RoCE site: enable the phase-2 step
non-RoCE site: skip the phase-2 step

But it does not say whether the site is:

plain Ethernet
RoCE
InfiniBand

For first-pass validation, this is acceptable.

For a mature model, a future fabric_mode field would probably be cleaner.

6.2 Post-deploy validation beyond generic enrollment¶

Some environments, especially InfiniBand or vendor-custom nodes, may need explicit host validation after deploy:

expected HCA presence
expected fabric port state
expected site package stack
expected mount or disk topology

Today this can only live inside the site bootstrap payload or external operator tooling.

6.3 Commissioning / firmware asset sets¶

The H200-style MAAS bundles often include:

commissioning scripts
hardware tests
firmware update helpers

These are not represented as first-class site/profile-managed assets today.

That is not necessarily wrong, but it is a gap if the platform wants to own those assets rather than relying on external MAAS host tooling.
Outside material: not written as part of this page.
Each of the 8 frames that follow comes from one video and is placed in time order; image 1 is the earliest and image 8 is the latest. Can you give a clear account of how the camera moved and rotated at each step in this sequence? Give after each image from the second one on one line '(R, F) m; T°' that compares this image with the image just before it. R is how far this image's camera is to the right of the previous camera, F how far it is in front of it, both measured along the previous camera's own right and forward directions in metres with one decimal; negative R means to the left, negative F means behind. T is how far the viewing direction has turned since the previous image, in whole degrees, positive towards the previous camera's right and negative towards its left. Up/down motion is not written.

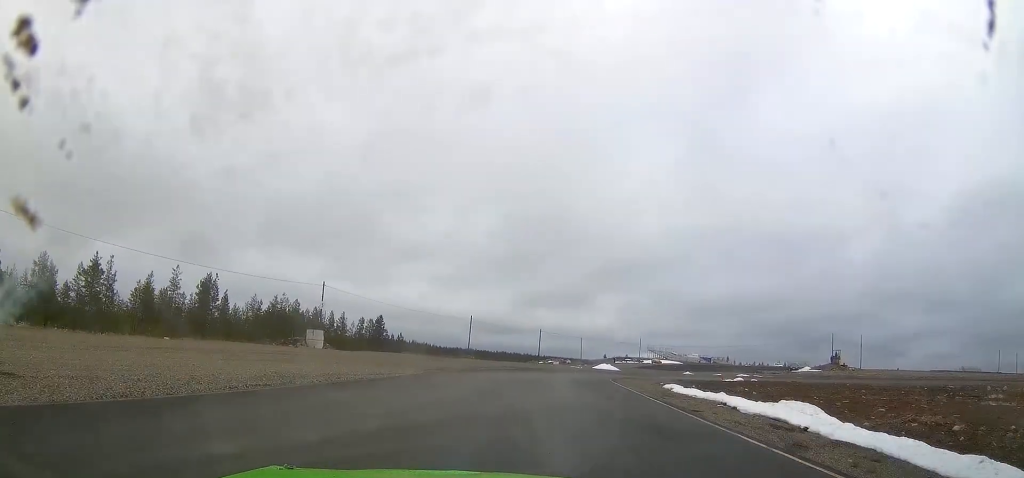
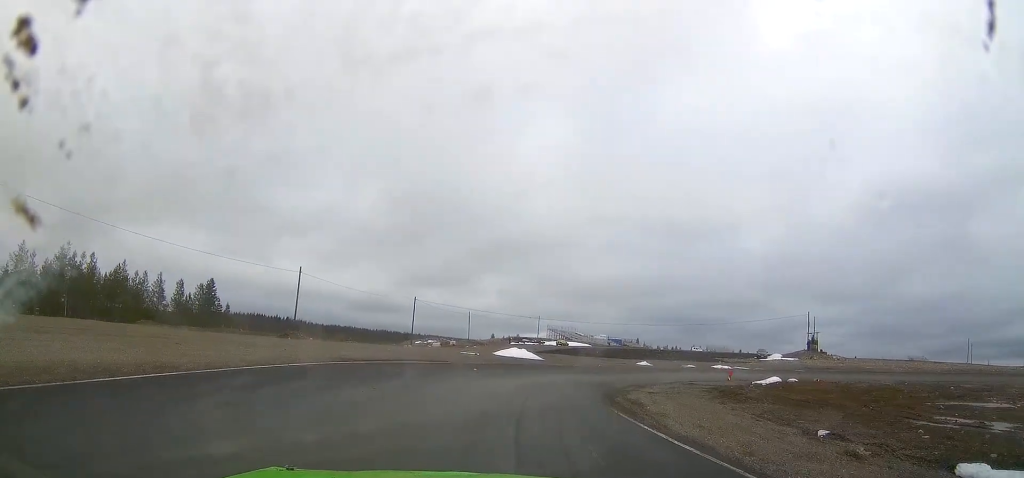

6.4 Storage layout intent¶

Current storage preparation is enough for simple cases.

If GPUaaS needs named storage personalities across hardware families, the model may eventually need an explicit storage layout selector rather than only site bootstrap scripting.

7. Minimal Additional Options That Seem Justified¶

If the platform eventually needs more profile expressiveness, the most defensible additions appear to be:

fabric_mode
ethernet | roce | ib
makes the intent explicit without encoding vendor specifics
commissioning_bundle_ref
for MAAS commissioning/testing/firmware helper assets
post_deploy_validation_bundle_ref
for hardware-family or fabric-family validation after deploy
storage_layout_profile
only if repeated storage personalities become a real operational requirement

8. Options That Should Not Move Into Core¶

These should remain outside current GPUaaS core scope:

MAAS server install and tuning
MAAS host monitoring/Telegram/email tooling
ad hoc inventory CSVs
operator shell wrappers for MAAS host administration
hardcoded vendor-specific runtime choices embedded directly in control-plane code

9. Bottom-Line Assessment¶

The current GPUaaS MAAS site/profile model already covers most of what is needed across likely GPUaaS hardware classes.

The main gap is not lifecycle orchestration.

The main under-realized areas are:

explicit fabric intent
richer post-deploy validation
optional commissioning/firmware artifact handling
possibly explicit storage layout intent if repeated site patterns require it

So the platform is not far off from the original design.

The likely next step is not to expand core immediately. It is to validate upcoming environments against this matrix and only add new profile options when a concrete site proves the current knobs are insufficient.